In this embodiment, the power module 130 includes, for example, a PCB board and electronic components mounted on the PCB board, so that the connection terminals of the power module 130 can be disposed on the PCB board. The electrodes of the battery 120 may be connected to corresponding terminals on the PCB board by soldering. The circuit formed by the battery 120 and the electrical component 130 is used for generating a discharge signal for nerve stimulation, wherein a first discharge end is connected to the housing 110, a second discharge end is connected to the electrode pad, a discharge electric field can be formed between the positive electrode 101 and the negative electrode 102 by applying a suitable signal between the first discharge end and the second discharge end, and the implantable stimulation device 100 has a simple structure, is convenient to assemble, and can realize a reliable discharge electric field.
In this embodiment, the electrode pad connected to the second discharge end is a negative electrode 102, which is disposed on a first surface 111 of the housing 110 of the implantable stimulation device 100, the first surface 111 faces the tibial nerve 20 during treatment, and the housing 110 connected to the first discharge end is used to form the positive electrode 101. In one embodiment, the positive and negative electrodes of the battery 120 are soldered to the corresponding terminals on the PCB, and the electrode terminals on the PCB are bonded or soldered to the case 110 by conductive adhesive. In another embodiment, the positive electrode of the battery 120 is soldered to a corresponding terminal on the PCB board, and the negative electrode of the battery 120 is bonded or soldered to the housing 110 by conductive adhesive.

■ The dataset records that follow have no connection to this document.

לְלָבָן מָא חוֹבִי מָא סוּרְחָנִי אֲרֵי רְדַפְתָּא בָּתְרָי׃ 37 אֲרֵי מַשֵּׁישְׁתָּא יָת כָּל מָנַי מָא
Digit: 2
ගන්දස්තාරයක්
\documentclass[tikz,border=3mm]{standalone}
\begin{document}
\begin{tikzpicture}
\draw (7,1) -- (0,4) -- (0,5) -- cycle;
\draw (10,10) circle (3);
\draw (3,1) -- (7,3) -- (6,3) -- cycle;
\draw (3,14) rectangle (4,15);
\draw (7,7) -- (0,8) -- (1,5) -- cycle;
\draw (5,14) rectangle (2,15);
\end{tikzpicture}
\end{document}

The feed-through structure 140 is fixedly disposed within the through hole 111a of the first surface 111, and further, an end of the feed-through structure 140 remote from the battery 120 is disposed within the through hole 111a. Feedthrough structure 140 and housing 110 may enclose battery 120 and powered assembly 130 within a cavity defined by housing 110. Electrical connection between the electrical components 130 within the cavity and the electrode pads outside the cavity may be achieved by a feed-through structure 140. In this embodiment, the power consuming component 130 is located in the cavity near the first surface 111, and the feedthrough structure 140 draws the second discharge end of the circuit formed by the battery 120 and the power consuming component 130 out of the cavity. The feed-through structure 140 may be inserted in the through hole 111a along a vertical direction of the first surface 111.

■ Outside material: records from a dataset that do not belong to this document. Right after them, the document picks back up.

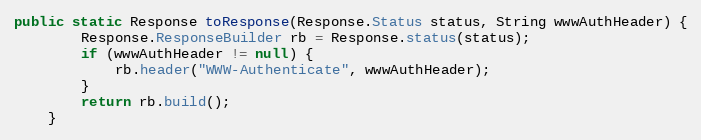
Language: Java
public static Response toResponse(Response.Status status, String wwwAuthHeader) {
        Response.ResponseBuilder rb = Response.status(status);
        if (wwwAuthHeader != null) {
            rb.header("WWW-Authenticate", wwwAuthHeader);
        }
        return rb.build();
    }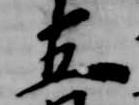
五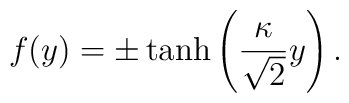
f(y)=\pm\tanh\left(\frac{\kappa}{\sqrt{2}}y\right).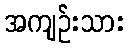
အကျဉ်းသား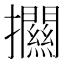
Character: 𢹶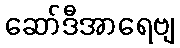
ဆော်ဒီအာရေဗျ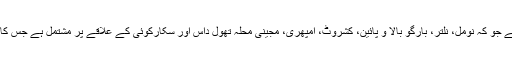
ہرالی گلگت کے مضافات میں واقع ہے جو کہ نومل، نلتر، بارگو بالا و پائین، کشروٹ، امپھری، مجینی محلہ تھول داس اور سکارکوئی کے علاقے پر مشتمل ہے جس کا کل رقبہ 406مربع کلومیٹر بنتا ہے۔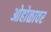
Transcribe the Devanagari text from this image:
ओहोळावर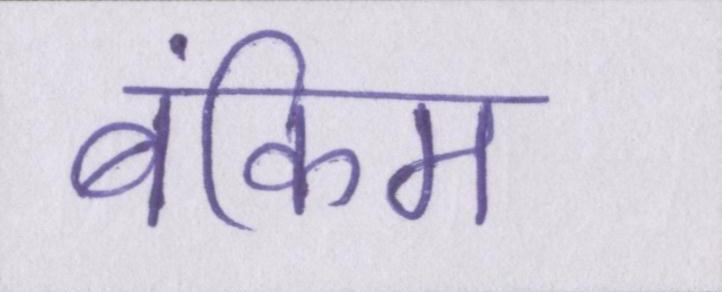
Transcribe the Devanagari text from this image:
बंकिम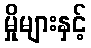
မှိုများနှင့်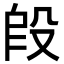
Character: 𬆣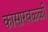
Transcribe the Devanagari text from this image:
कासारवळ्ळी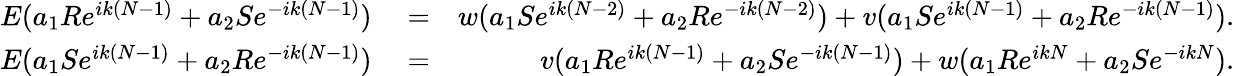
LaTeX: \begin{array}{rlr}{E(a_{1}Re^{ik(N-1)}+a_{2}Se^{-ik(N-1)})}&{{}=}&{w(a_{1}Se^{ik(N-2)}+a_{2}Re^{-ik(N-2)})+v(a_{1}Se^{ik(N-1)}+a_{2}Re^{-ik(N-1)}).}\\ {E(a_{1}Se^{ik(N-1)}+a_{2}Re^{-ik(N-1)})}&{{}=}&{v(a_{1}Re^{ik(N-1)}+a_{2}Se^{-ik(N-1)})+w(a_{1}Re^{ikN}+a_{2}Se^{-ikN}).}\end{array}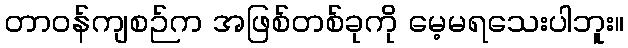
တာဝန်ကျစဉ်က အဖြစ်တစ်ခုကို မေ့မရသေးပါဘူး။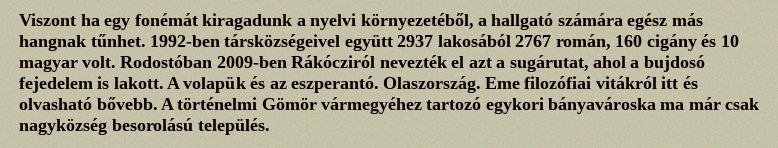
Viszont ha egy fonémát kiragadunk a nyelvi környezetéből, a hallgató számára egész más hangnak tűnhet. 1992-ben társközségeivel együtt 2937 lakosából 2767 román, 160 cigány és 10 magyar volt. Rodostóban 2009-ben Rákócziról nevezték el azt a sugárutat, ahol a bujdosó fejedelem is lakott. A volapük és az eszperantó. Olaszország. Eme filozófiai vitákról itt és olvasható bővebb. A történelmi Gömör vármegyéhez tartozó egykori bányavároska ma már csak nagyközség besorolású település.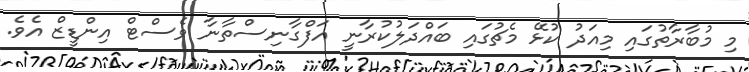
މި މުބާރާތުގައި މިއަދު ކުޅޭ މެޗުގައި ބައްދަލުކުރާނީ އަފްގާނިސްތާނާ ވެސްޓް އިންޑީޒް އެވެ.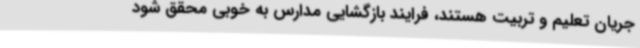
جریان تعلیم و تربیت هستند، فرایند بازگشایی مدارس به خوبی محقق شود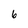
Character: 6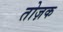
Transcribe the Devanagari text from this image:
तोज़क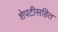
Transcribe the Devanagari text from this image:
शेपटीसहित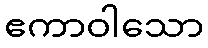
ဧကာဝါသော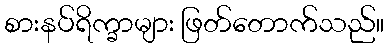
စားနပ်ရိက္ခာများ ဖြတ်တောက်သည်။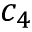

FIG. 4 is a schematic cross-sectional view of a feed-through structure according to an embodiment of the present invention. Fig. 5 is a schematic top view of a feed-through structure and an electric device according to an embodiment of the invention. Referring to fig. 4 and 5, in the present embodiment, the feed-through structure 140 includes a housing 141, an insulating portion 142 disposed in the housing 141, and a feed-through wire 143, wherein the feed-through wire 143 is disposed in the insulating portion 142 and has two ends exposed, and two ends of the feed-through wire 143 respectively form a first conductive end 140a and a second conductive end 140b of the feed-through structure 140. The first conductive end 140a is located in the cavity and is connected with the power utilization component 130; the second conductive end 140b is connected to the electrode pad through the through hole 111a, and the feedthrough structure 140 is simple and compact, which contributes to miniaturizing the implantable stimulation device.
In this embodiment, the casing 141 of the feed-through structure 140 is, for example, a ring structure, which is in contact with the housing 110 and welded. The housing 141 has a mounting shoulder 141a. In mounting the feedthrough 140, for example, the feedthrough 140 is first passed through the through-hole 111a from a cylindrical case located below that constitutes the case 110, the mounting shoulder 141a is made to adhere to the surface of the case 110 around the through-hole 111a, and then the case 141 of the feedthrough 140 is welded to the case 110 by laser welding.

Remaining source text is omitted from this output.